An Alibaba cloud computer consisting of four separate computers operating as one, top, was able to marshall 32 Nvidia GPUs to produce results twenty-seven percent faster than the top single system, a 24-chip machine from Inspur.
“The value of this work can be summed up as easy, efficient, and economical,” Zhang told ZDNet.
On the first score, ease of use, “we can abstract away the heterogeneity of the computing [hardware], make it more like a giant pool of resources” for clients, Zhang explained.
How to make multiple computers operate as one is an area of computer science that is showing renewed relevance with the rise of the very large neural networks. However, developing software systems to partition work across many computers is an arduous task beyond the reach of most industrial users of AI.
Nvidia has found ways to partition its GPUs to make them multi-tenant chips, noted Zhang, called a “MIG,” a multiple-instance GPU.
That is a start, he said, but Alibaba hopes to go beyond it. “MIG divides the GPU into seven small components, but we want to generalize this, to go beyond the physical limitations, to use resource allocation on actual demand,” explained Zhang.
“If you are running ResNet-50, maybe you are using only 10 TOPs of computation,” meaning, trillions of operations per second. Even one of the MIGs is probably more than a user need. “We can make a more fine-grained allocation,” with Sinian, “so maybe a hundred users can use it [a single GPU] a time.”
On the second point, efficiency, most chips, noted Zhang, rarely are used as much as they could be. Because of a variety of factors, such as memory and disk access times and bandwidth constraints, GPUs sometimes get less than 50% utilization, which is a waste. Sometimes, that’s as low as 10%, noted Zhang.
“If you used one machine with 8 PCIe slots” connecting chips to memory, said Zhang, “You would being use less than 50% of your resources because the network is the bottleneck.” By handling the networking problem first, “we are able to achieve much higher utilization in this submission.”
Perhaps just as important, as machines scale to more and more chips, power in a single box becomes a thorny issue. “Assume you can build 32 slots on your motherboard” for GPUs, explained Zhang, “you may get the same result, but with 32 PCIe slots on motherboard, your power supply will triple.”
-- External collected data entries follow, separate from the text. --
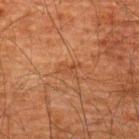  biopsy_status: not biopsied; imaged during a skin examination
  automated_metrics:
    area_mm2_approx: 3.0
    eccentricity: 0.85
    shape_asymmetry: 0.45
    cielab_L: 37
    cielab_a: 20
    cielab_b: 30
    vs_skin_contrast_norm: 4.5
    border_irregularity_0_10: 5.5
    color_variation_0_10: 0.0
    peripheral_color_asymmetry: 0.0
    nevus_likeness_0_100: 0
  image:
    source: total-body photography crop
    field_of_view_mm: 15
  lighting: cross-polarized
  lesion_size:
    long_diameter_mm_approx: 3.0
  patient:
    sex: male
    age_approx: 60
  site: upper back
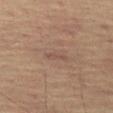workup = catalogued during a skin exam; not biopsied
patient = male, in their mid-60s
image = total-body-photography crop, ~15 mm field of view
automated metrics = a normalized border contrast of about 4.5; border irregularity of about 3.5 on a 0–10 scale and a peripheral color-asymmetry measure near 0
size = ~3 mm (longest diameter)
site = the left thigh
illumination = cross-polarized illumination
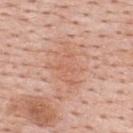| feature | finding |
|---|---|
| notes | imaged on a skin check; not biopsied |
| lesion diameter | ~5 mm (longest diameter) |
| image source | total-body-photography crop, ~15 mm field of view |
| image-analysis metrics | about 6 CIELAB-L* units darker than the surrounding skin and a lesion-to-skin contrast of about 4.5 (normalized; higher = more distinct); border irregularity of about 7 on a 0–10 scale, internal color variation of about 3 on a 0–10 scale, and radial color variation of about 1 |
| subject | male, aged 53–57 |
| site | the upper back |
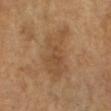<lesion>
  <biopsy_status>not biopsied; imaged during a skin examination</biopsy_status>
  <lesion_size>
    <long_diameter_mm_approx>7.0</long_diameter_mm_approx>
  </lesion_size>
  <site>right lower leg</site>
  <automated_metrics>
    <area_mm2_approx>17.0</area_mm2_approx>
    <eccentricity>0.85</eccentricity>
    <shape_asymmetry>0.4</shape_asymmetry>
    <nevus_likeness_0_100>0</nevus_likeness_0_100>
    <lesion_detection_confidence_0_100>100</lesion_detection_confidence_0_100>
  </automated_metrics>
  <patient>
    <sex>female</sex>
    <age_approx>55</age_approx>
  </patient>
  <lighting>cross-polarized</lighting>
  <image>
    <source>total-body photography crop</source>
    <field_of_view_mm>15</field_of_view_mm>
  </image>
</lesion>
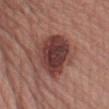{"site": "left upper arm", "patient": {"sex": "male", "age_approx": 75}, "automated_metrics": {"area_mm2_approx": 22.0, "eccentricity": 0.8, "shape_asymmetry": 0.15, "cielab_L": 39, "cielab_a": 23, "cielab_b": 22, "vs_skin_darker_L": 14.0, "vs_skin_contrast_norm": 11.0, "border_irregularity_0_10": 2.5, "peripheral_color_asymmetry": 1.5, "nevus_likeness_0_100": 90}, "image": {"source": "total-body photography crop", "field_of_view_mm": 15}}

That’s a big issue as far as trying to achieve green computing, he said.
The third issue, economics, pertains to how customers of Alibaba get to purchase instances. “This is important for us, because we have a lot of devices, not just GPUs, and we want to leverage all of them,” said Zhang. “Our customers say they want to use the latest [chips], but that may not be exactly what they need, so we want to make sure everything in the pool is available to the user, including A100 [GPUs] but also older technology.”
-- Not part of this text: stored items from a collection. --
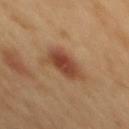Assessment:
The lesion was photographed on a routine skin check and not biopsied; there is no pathology result.
Clinical summary:
The lesion's longest dimension is about 4 mm. This image is a 15 mm lesion crop taken from a total-body photograph. A male patient roughly 50 years of age. The lesion is on the mid back.
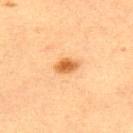Clinical summary:
A female patient approximately 65 years of age. From the upper back. Measured at roughly 3 mm in maximum diameter. This is a cross-polarized tile. This image is a 15 mm lesion crop taken from a total-body photograph.
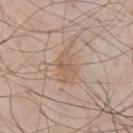{
  "biopsy_status": "not biopsied; imaged during a skin examination",
  "lesion_size": {
    "long_diameter_mm_approx": 5.0
  },
  "lighting": "white-light",
  "site": "chest",
  "image": {
    "source": "total-body photography crop",
    "field_of_view_mm": 15
  },
  "patient": {
    "sex": "male",
    "age_approx": 55
  }
}
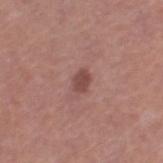Clinical impression:
Imaged during a routine full-body skin examination; the lesion was not biopsied and no histopathology is available.
Acquisition and patient details:
The lesion's longest dimension is about 2.5 mm. The lesion is located on the right thigh. Cropped from a whole-body photographic skin survey; the tile spans about 15 mm. The patient is a female roughly 50 years of age. Imaged with white-light lighting.
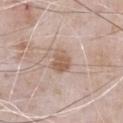notes: no biopsy performed (imaged during a skin exam) | automated metrics: an average lesion color of about L≈58 a*≈17 b*≈28 (CIELAB) and a lesion–skin lightness drop of about 10; a color-variation rating of about 3/10 and a peripheral color-asymmetry measure near 1; an automated nevus-likeness rating near 30 out of 100 and a detector confidence of about 100 out of 100 that the crop contains a lesion | anatomic site: the chest | lesion size: ~3 mm (longest diameter) | subject: male, roughly 50 years of age | image: 15 mm crop, total-body photography.
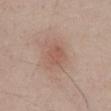The lesion was tiled from a total-body skin photograph and was not biopsied. A 15 mm crop from a total-body photograph taken for skin-cancer surveillance. The lesion is on the front of the torso. The patient is a male aged 48–52. Captured under white-light illumination.
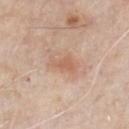follow-up = total-body-photography surveillance lesion; no biopsy
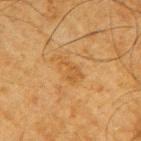Imaged during a routine full-body skin examination; the lesion was not biopsied and no histopathology is available. A male subject, roughly 65 years of age. Located on the right upper arm. Imaged with cross-polarized lighting. A roughly 15 mm field-of-view crop from a total-body skin photograph.
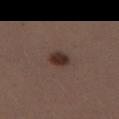Assessment:
No biopsy was performed on this lesion — it was imaged during a full skin examination and was not determined to be concerning.
Clinical summary:
A close-up tile cropped from a whole-body skin photograph, about 15 mm across. The subject is a female aged approximately 40. Automated tile analysis of the lesion measured a border-irregularity rating of about 1.5/10, a within-lesion color-variation index near 3/10, and radial color variation of about 1. The lesion is located on the leg.
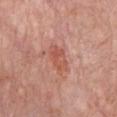Q: Is there a histopathology result?
A: catalogued during a skin exam; not biopsied
Q: What are the patient's age and sex?
A: male, roughly 80 years of age
Q: What is the lesion's diameter?
A: ≈3.5 mm
Q: What kind of image is this?
A: 15 mm crop, total-body photography
Q: How was the tile lit?
A: white-light
Q: What is the anatomic site?
A: the front of the torso
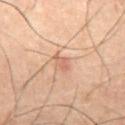notes — imaged on a skin check; not biopsied | image source — ~15 mm tile from a whole-body skin photo | tile lighting — cross-polarized illumination | subject — male, aged 58–62 | location — the abdomen | size — ~2.5 mm (longest diameter).
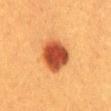Recorded during total-body skin imaging; not selected for excision or biopsy. A roughly 15 mm field-of-view crop from a total-body skin photograph. On the mid back. Approximately 4.5 mm at its widest. A female subject, about 40 years old. The total-body-photography lesion software estimated a lesion area of about 13 mm², an outline eccentricity of about 0.65 (0 = round, 1 = elongated), and a shape-asymmetry score of about 0.15 (0 = symmetric). And it measured a border-irregularity index near 1.5/10, a color-variation rating of about 4/10, and peripheral color asymmetry of about 1. The analysis additionally found lesion-presence confidence of about 100/100.
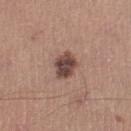Recorded during total-body skin imaging; not selected for excision or biopsy.
A male subject aged 43–47.
A 15 mm close-up extracted from a 3D total-body photography capture.
On the left lower leg.
The recorded lesion diameter is about 3.5 mm.
Automated tile analysis of the lesion measured an outline eccentricity of about 0.65 (0 = round, 1 = elongated) and two-axis asymmetry of about 0.2. And it measured a classifier nevus-likeness of about 30/100 and lesion-presence confidence of about 100/100.
This is a white-light tile.
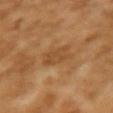image source = ~15 mm tile from a whole-body skin photo | lesion diameter = about 3 mm | tile lighting = cross-polarized | automated metrics = a lesion area of about 6 mm² and two-axis asymmetry of about 0.25; an automated nevus-likeness rating near 0 out of 100 and a detector confidence of about 100 out of 100 that the crop contains a lesion | subject = female, aged approximately 70 | body site = the right forearm.
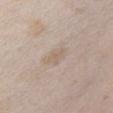Case summary:
- notes: catalogued during a skin exam; not biopsied
- site: the chest
- imaging modality: 15 mm crop, total-body photography
- patient: female, aged around 25
- lighting: white-light illumination
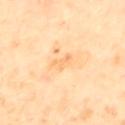Part of a total-body skin-imaging series; this lesion was reviewed on a skin check and was not flagged for biopsy.
A male patient aged approximately 65.
A 15 mm crop from a total-body photograph taken for skin-cancer surveillance.
Located on the back.
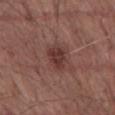The lesion was tiled from a total-body skin photograph and was not biopsied. The lesion's longest dimension is about 3 mm. A roughly 15 mm field-of-view crop from a total-body skin photograph. Imaged with white-light lighting. The lesion is on the abdomen. A male patient aged approximately 55. The total-body-photography lesion software estimated an outline eccentricity of about 0.55 (0 = round, 1 = elongated) and two-axis asymmetry of about 0.25. It also reported a lesion color around L≈36 a*≈22 b*≈22 in CIELAB, a lesion–skin lightness drop of about 9, and a normalized border contrast of about 8. The software also gave a border-irregularity index near 2.5/10 and radial color variation of about 1.
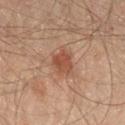Part of a total-body skin-imaging series; this lesion was reviewed on a skin check and was not flagged for biopsy.
A close-up tile cropped from a whole-body skin photograph, about 15 mm across.
Measured at roughly 3 mm in maximum diameter.
From the leg.
The subject is a male aged 63 to 67.
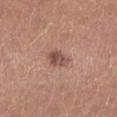• follow-up: imaged on a skin check; not biopsied
• patient: female, in their 40s
• location: the left lower leg
• image-analysis metrics: an area of roughly 4.5 mm², a shape eccentricity near 0.75, and two-axis asymmetry of about 0.25; an average lesion color of about L≈50 a*≈21 b*≈25 (CIELAB) and a lesion-to-skin contrast of about 8 (normalized; higher = more distinct); a border-irregularity index near 2.5/10, a color-variation rating of about 5/10, and peripheral color asymmetry of about 2
• image source: 15 mm crop, total-body photography
• diameter: ~3 mm (longest diameter)
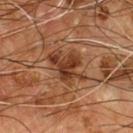This lesion was catalogued during total-body skin photography and was not selected for biopsy. A roughly 15 mm field-of-view crop from a total-body skin photograph. A male subject roughly 55 years of age. The lesion is located on the front of the torso. Captured under cross-polarized illumination.
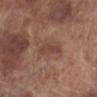This lesion was catalogued during total-body skin photography and was not selected for biopsy. Longest diameter approximately 6 mm. This is a white-light tile. The subject is a male in their 70s. Located on the left lower leg. A region of skin cropped from a whole-body photographic capture, roughly 15 mm wide.
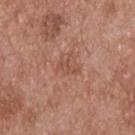Impression: The lesion was photographed on a routine skin check and not biopsied; there is no pathology result. Clinical summary: On the upper back. Imaged with white-light lighting. Automated tile analysis of the lesion measured an area of roughly 3 mm² and a shape eccentricity near 0.85. It also reported a lesion color around L≈51 a*≈23 b*≈29 in CIELAB, a lesion–skin lightness drop of about 6, and a normalized lesion–skin contrast near 5. The lesion's longest dimension is about 3 mm. A roughly 15 mm field-of-view crop from a total-body skin photograph. The patient is a male in their mid- to late 50s.
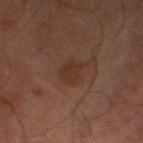{"biopsy_status": "not biopsied; imaged during a skin examination", "image": {"source": "total-body photography crop", "field_of_view_mm": 15}, "lighting": "cross-polarized", "patient": {"sex": "male", "age_approx": 70}, "lesion_size": {"long_diameter_mm_approx": 3.5}, "automated_metrics": {"area_mm2_approx": 5.5, "eccentricity": 0.8, "shape_asymmetry": 0.25, "color_variation_0_10": 1.5, "nevus_likeness_0_100": 60, "lesion_detection_confidence_0_100": 100}, "site": "left lower leg"}
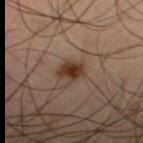notes: catalogued during a skin exam; not biopsied
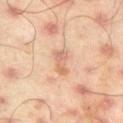No biopsy was performed on this lesion — it was imaged during a full skin examination and was not determined to be concerning.
The patient is a male in their mid-40s.
The lesion is on the right thigh.
A region of skin cropped from a whole-body photographic capture, roughly 15 mm wide.
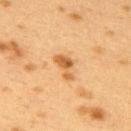Clinical impression: Part of a total-body skin-imaging series; this lesion was reviewed on a skin check and was not flagged for biopsy. Image and clinical context: The subject is a female aged around 40. This is a cross-polarized tile. A lesion tile, about 15 mm wide, cut from a 3D total-body photograph. From the back.

“As long as we solve their problem, give them more economical resources, this will probably save more money for our clients — that’s basically the main motivation for us to work on this.”
If you’d like to dig into more details on the Alibaba work, a good place to start is a deck of slides that Zhang used to June to give a talk at the International Symposium on Computer Architecture.
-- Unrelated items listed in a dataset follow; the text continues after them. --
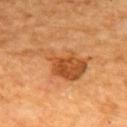{"biopsy_status": "not biopsied; imaged during a skin examination", "site": "mid back", "patient": {"sex": "male", "age_approx": 60}, "lesion_size": {"long_diameter_mm_approx": 8.5}, "automated_metrics": {"area_mm2_approx": 18.0, "eccentricity": 0.9, "cielab_L": 48, "cielab_a": 25, "cielab_b": 40, "vs_skin_darker_L": 11.0, "vs_skin_contrast_norm": 8.0, "nevus_likeness_0_100": 90, "lesion_detection_confidence_0_100": 100}, "lighting": "cross-polarized", "image": {"source": "total-body photography crop", "field_of_view_mm": 15}}
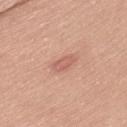Assessment: Captured during whole-body skin photography for melanoma surveillance; the lesion was not biopsied. Context: Captured under white-light illumination. A female patient in their 50s. Longest diameter approximately 3 mm. A close-up tile cropped from a whole-body skin photograph, about 15 mm across. Located on the left thigh. Automated image analysis of the tile measured an area of roughly 3.5 mm², a shape eccentricity near 0.85, and two-axis asymmetry of about 0.25.
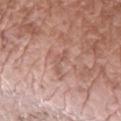The lesion was photographed on a routine skin check and not biopsied; there is no pathology result.
On the left upper arm.
Captured under white-light illumination.
Measured at roughly 3.5 mm in maximum diameter.
A male subject in their mid-50s.
This image is a 15 mm lesion crop taken from a total-body photograph.
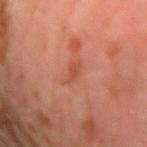workup = no biopsy performed (imaged during a skin exam)
illumination = cross-polarized
patient = male, aged approximately 60
location = the arm
image source = ~15 mm tile from a whole-body skin photo
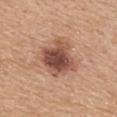biopsy status: imaged on a skin check; not biopsied | site: the upper back | patient: female, in their mid-50s | image: ~15 mm tile from a whole-body skin photo.
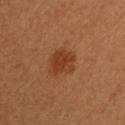Notes:
– biopsy status: no biopsy performed (imaged during a skin exam)
– diameter: ≈3 mm
– subject: female, aged 48 to 52
– illumination: cross-polarized illumination
– image source: ~15 mm tile from a whole-body skin photo
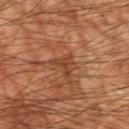Part of a total-body skin-imaging series; this lesion was reviewed on a skin check and was not flagged for biopsy.
The recorded lesion diameter is about 3 mm.
The patient is a male about 60 years old.
Located on the right upper arm.
The tile uses cross-polarized illumination.
Cropped from a whole-body photographic skin survey; the tile spans about 15 mm.
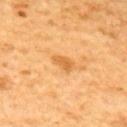Findings:
• biopsy status: no biopsy performed (imaged during a skin exam)
• location: the upper back
• image source: ~15 mm crop, total-body skin-cancer survey
• subject: male, about 60 years old
• diameter: ≈3 mm
• image-analysis metrics: a footprint of about 3.5 mm², an outline eccentricity of about 0.85 (0 = round, 1 = elongated), and a shape-asymmetry score of about 0.25 (0 = symmetric); a lesion color around L≈63 a*≈26 b*≈49 in CIELAB, roughly 10 lightness units darker than nearby skin, and a normalized border contrast of about 6.5
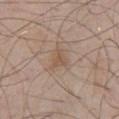Impression: No biopsy was performed on this lesion — it was imaged during a full skin examination and was not determined to be concerning. Image and clinical context: The lesion is located on the chest. The recorded lesion diameter is about 3 mm. The patient is a male approximately 55 years of age. A roughly 15 mm field-of-view crop from a total-body skin photograph.

The Alibaba work is especially intriguing because for some time now, specialists in the area of computer networking have been talking about a second network that sits behind the local area network, a kind of dedicated AI network just for deep learning’s massive bandwidth demand.
In that sense, both Alibaba’s network submission, and Neural Magic’s sparsity, are dealing with the over-arching issue of memory access and bandwidth, which many in the field say are far greater obstacles to deep learning than the compute part itself.